Как Пуп установил, корпускулы эти пронизывали всё мыслимое и немыслимое мировое пространство и имели вездесущий характер.
Собирая их, словно пыльцу экзотических бабочек, он пришёл к выводу, что это и есть та светлая, певучая субстанция, которая, смешиваясь с газом и звёздной пылью, создаёт многоклеточных, превращая их в обезьяну, обезьяну – в человека, человека – в вегетарианца, а вегетарианца – в менестреля.
Меняя настройки аппарата и дыша по особой методике йогов, Якоб сделал невероятное: если прежде, включая пустоскоп, образно говоря, забрасывал удочку в мировой океан, то теперь научился обособлять моря, проливы, озёра, пруды и даже лужи, что стало возможным благодаря регулировке фокуса и частоты созерцания. Сам фокус состоял в том, что он с помощью своего прибора мог забраться во внутренний мир любого человека и гулять там, сколько заблагорассудится. При этом исследователь никак себя не выдавал, и никто не мог заявить, что к нему «лезут в душу».
Частые эфирные экскурсии показали, что такие образные понятия, как «большое сердце» и «широкая душа», подтверждаются вполне конкретными размерами. Порой, чтобы за минуту пересечь мелочную душонку одного, Пупу приходилось целый день топать по бескрайнему великодушию другого.

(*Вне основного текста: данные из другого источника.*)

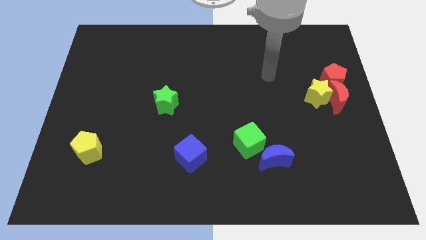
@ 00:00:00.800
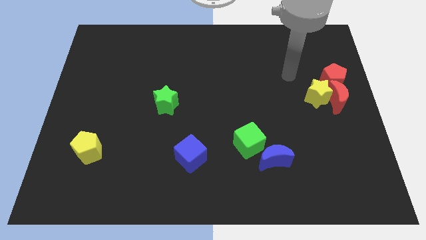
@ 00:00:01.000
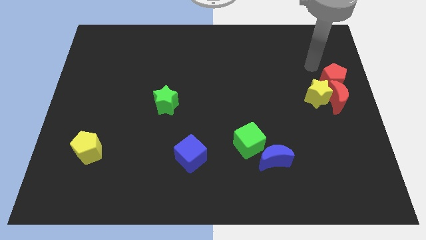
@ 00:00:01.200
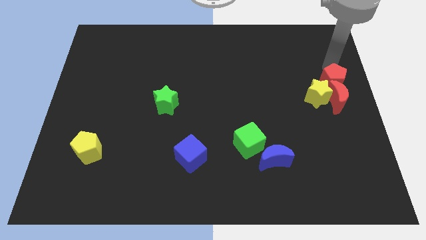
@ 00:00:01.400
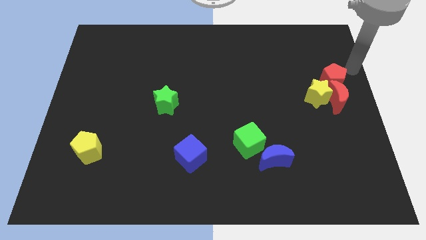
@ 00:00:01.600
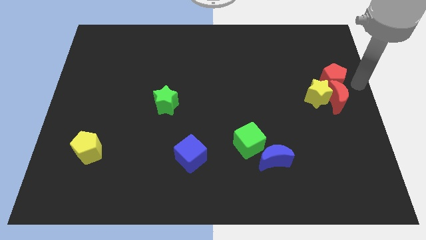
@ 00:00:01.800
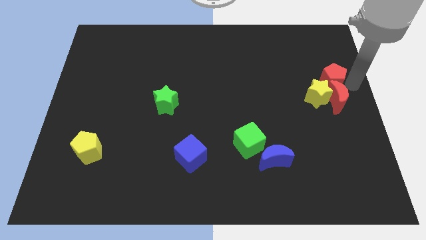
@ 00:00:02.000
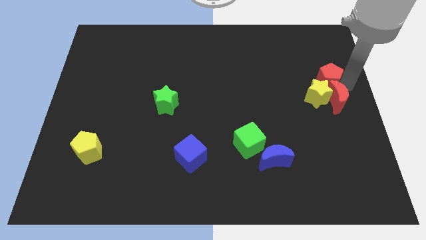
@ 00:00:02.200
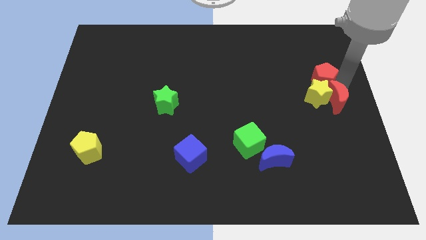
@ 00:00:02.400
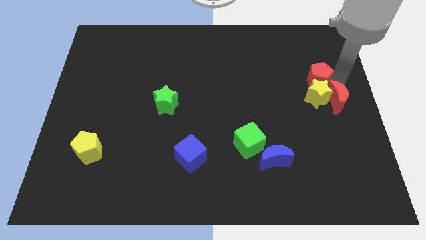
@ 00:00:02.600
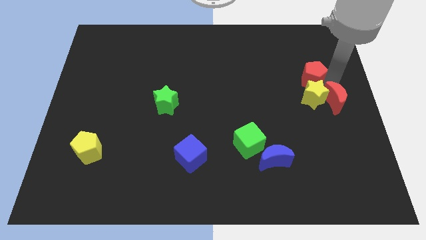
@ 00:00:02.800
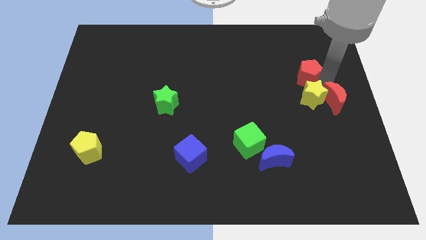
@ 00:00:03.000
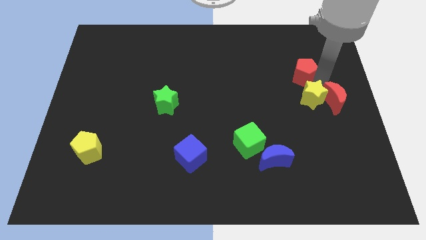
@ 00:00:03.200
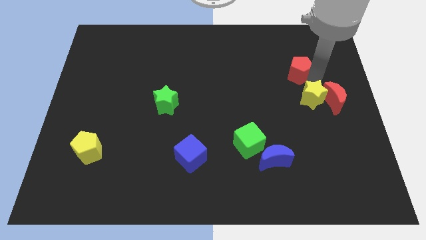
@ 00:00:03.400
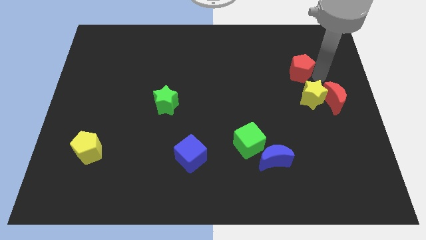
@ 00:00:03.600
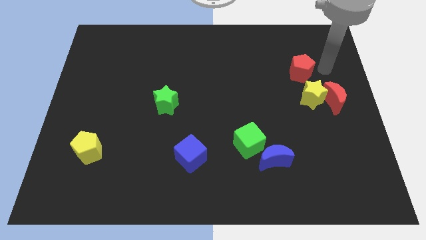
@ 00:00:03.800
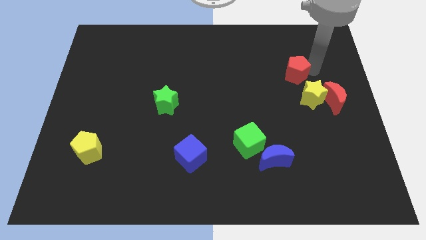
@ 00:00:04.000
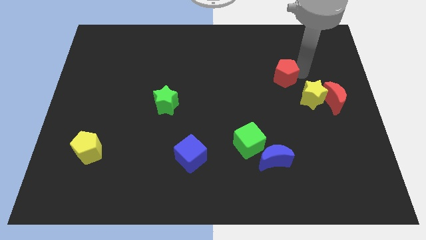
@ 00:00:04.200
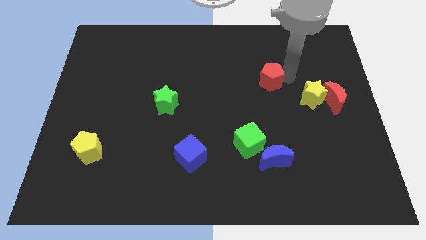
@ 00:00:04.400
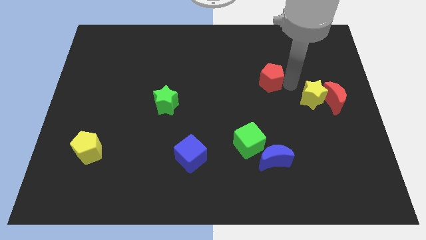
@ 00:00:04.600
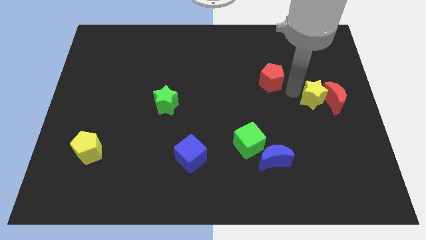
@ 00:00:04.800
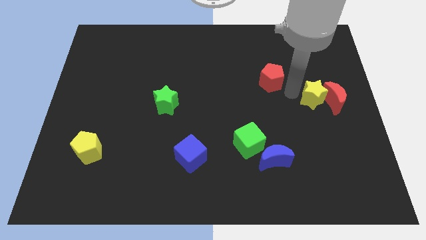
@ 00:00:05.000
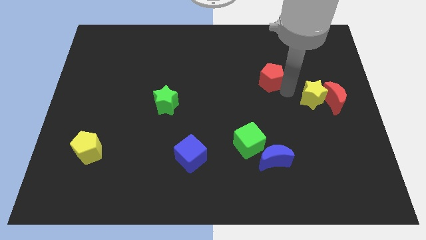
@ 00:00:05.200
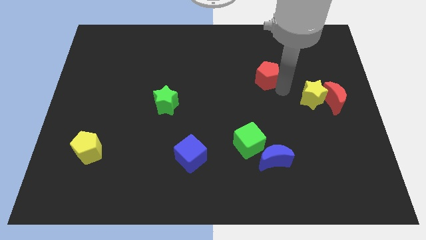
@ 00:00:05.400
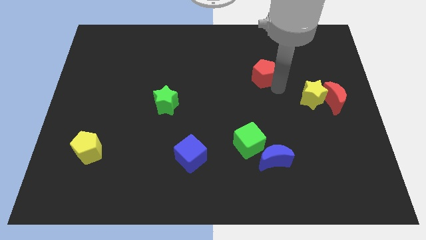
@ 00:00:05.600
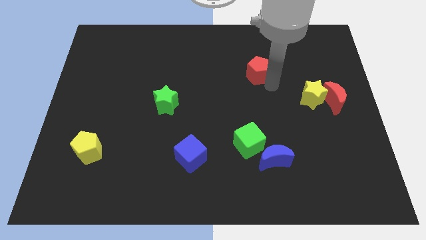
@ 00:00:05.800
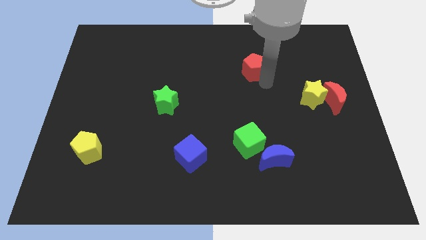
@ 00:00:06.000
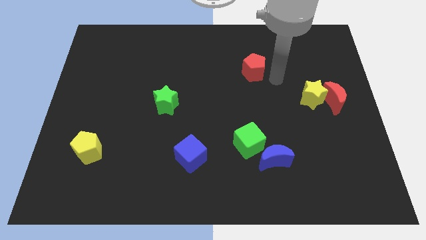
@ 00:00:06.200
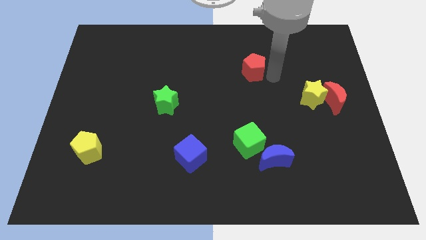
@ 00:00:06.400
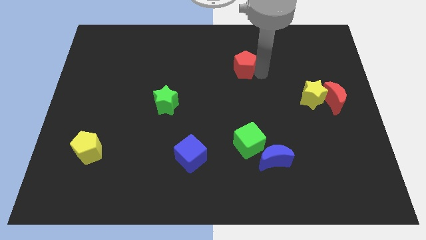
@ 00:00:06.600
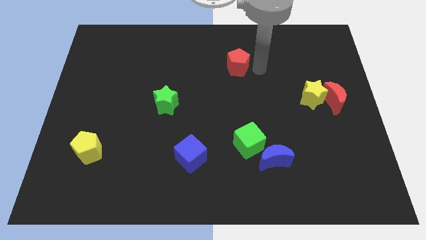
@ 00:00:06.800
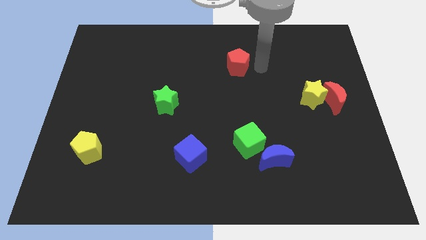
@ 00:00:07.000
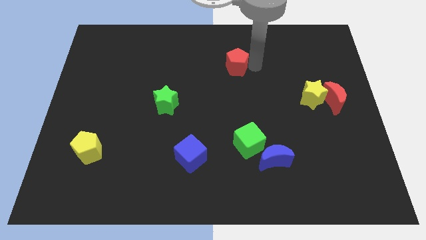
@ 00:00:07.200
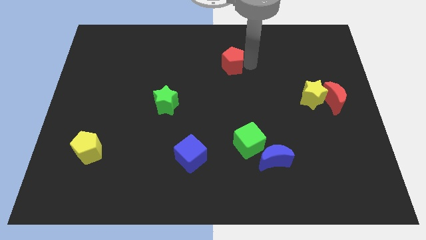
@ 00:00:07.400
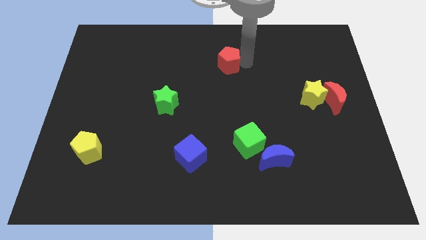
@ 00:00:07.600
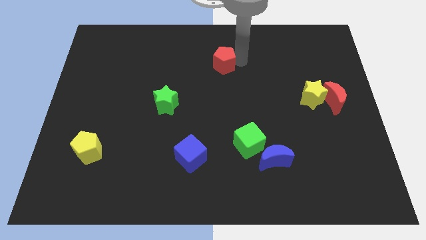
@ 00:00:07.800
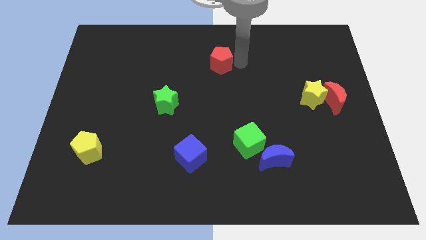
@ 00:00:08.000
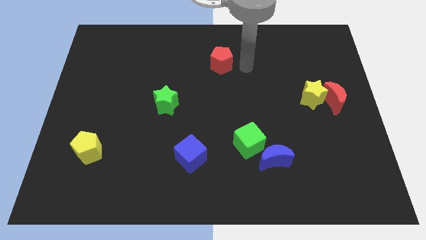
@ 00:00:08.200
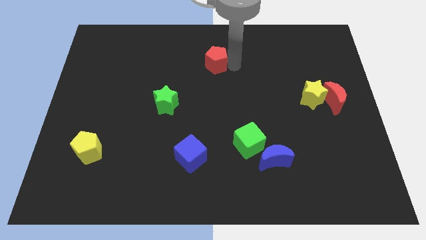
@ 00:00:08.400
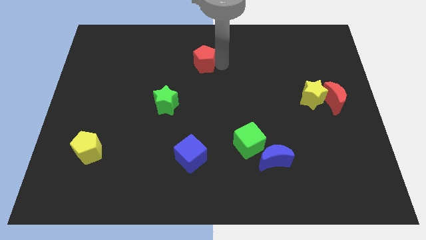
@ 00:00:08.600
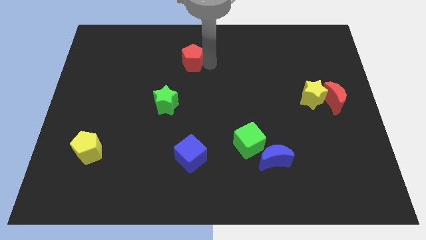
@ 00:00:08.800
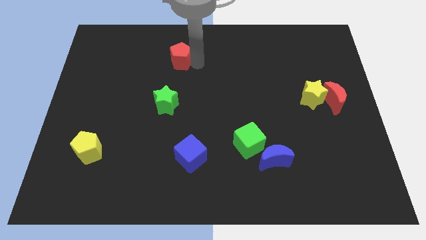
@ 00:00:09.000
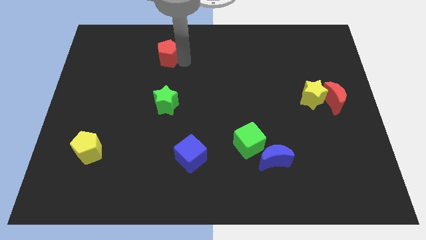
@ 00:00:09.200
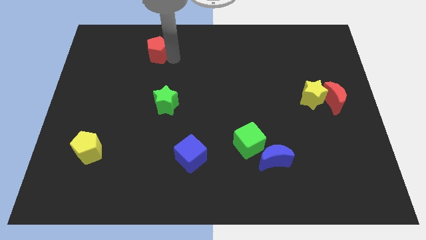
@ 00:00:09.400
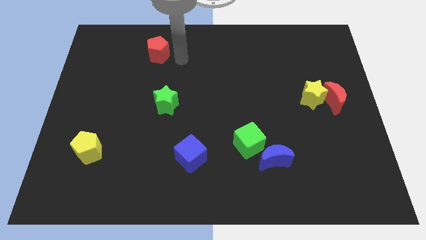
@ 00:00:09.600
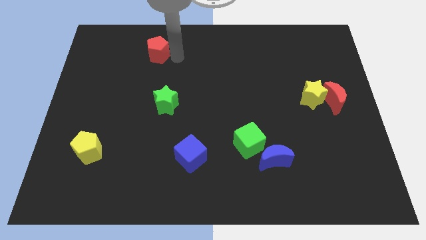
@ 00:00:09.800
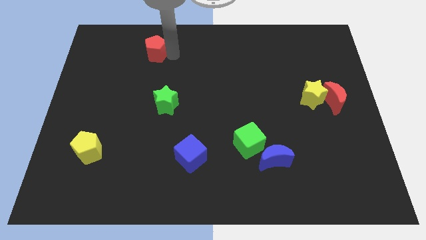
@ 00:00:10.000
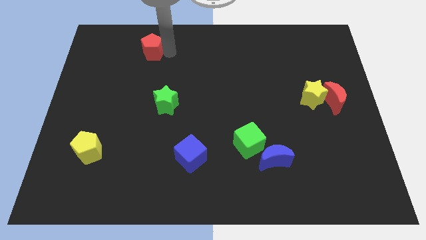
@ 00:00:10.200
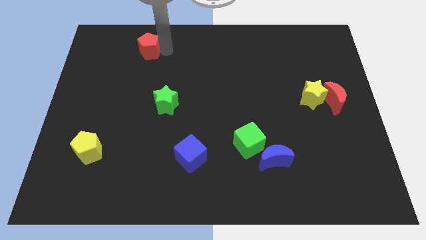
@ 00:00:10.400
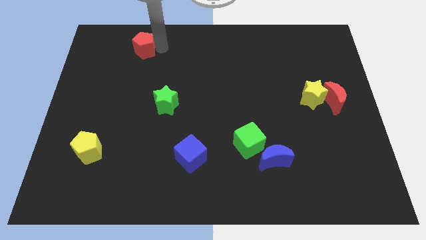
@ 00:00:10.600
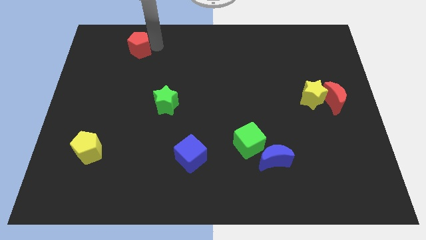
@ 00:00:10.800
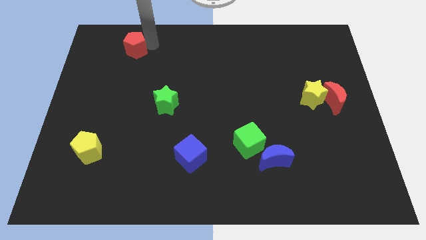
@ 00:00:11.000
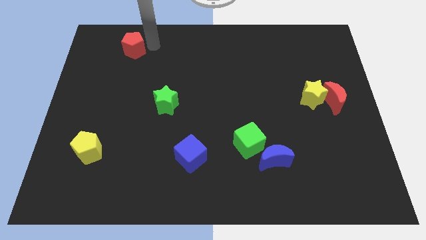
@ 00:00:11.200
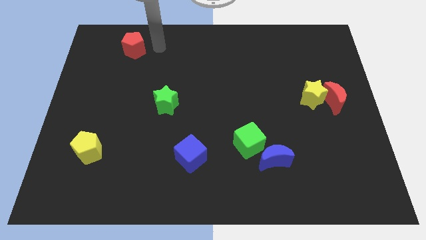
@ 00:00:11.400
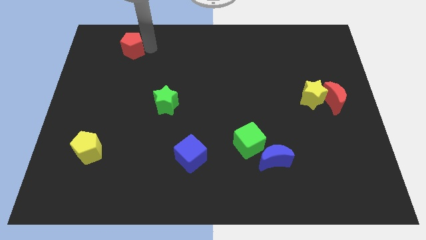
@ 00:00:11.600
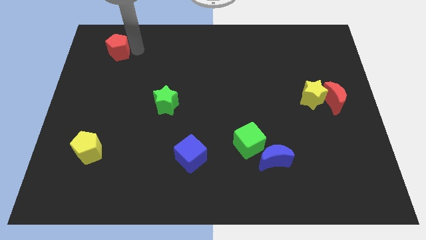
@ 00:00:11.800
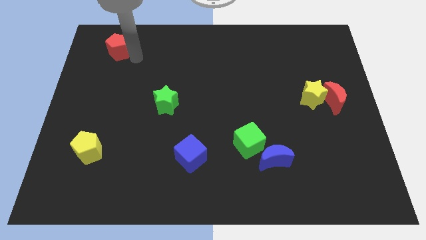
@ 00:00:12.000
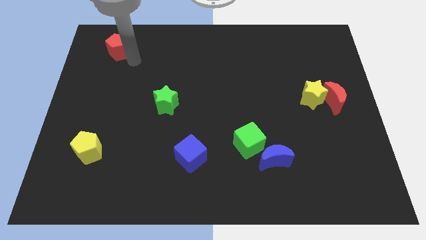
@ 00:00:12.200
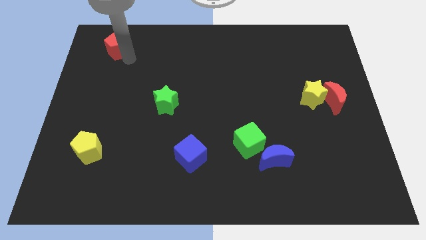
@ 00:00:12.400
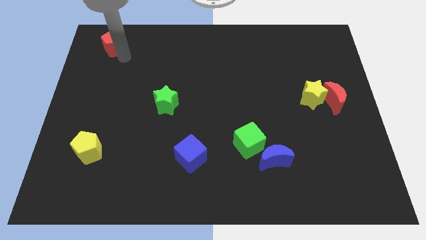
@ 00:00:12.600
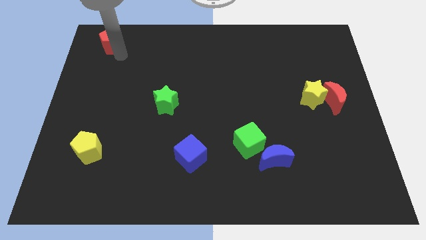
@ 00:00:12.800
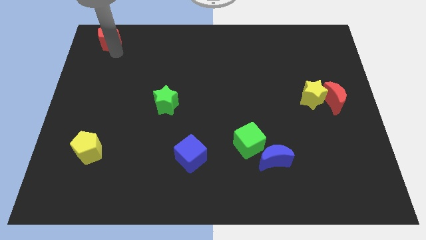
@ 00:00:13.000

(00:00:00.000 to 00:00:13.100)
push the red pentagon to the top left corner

Сделанные открытия были грандиозными. И пусть прибор не позволял установить личность владельца сердца, можно было отметить его координаты на эфирной карте, поскольку само сердце, в отличие от субъекта, всегда в одном месте. Недаром ещё великий Бернс писал: «My heart in the Highlands, my heart is not here…»
В надежде получить хоть какую-то помощь для продолжения опытов, Якоб решился предать результаты экспериментов гласности. А поскольку в научных альманахах статьи учёного-ренегата давно не печатали, он отнёс их в ближайшую газету. Там автора поначалу подняли на смех, но, навестив сарайчик на пустыре, поняли, что напали на сенсацию.
Новость о чудесном приборе разнеслась по всем телеграфным агентствам мира, но, благодаря вольным комментариям журналистов, приобрела такие очертания, что на пустырь потекли толпы неверных мужей, изукрасивших стены лаборатории угрозами в адрес изобретателя.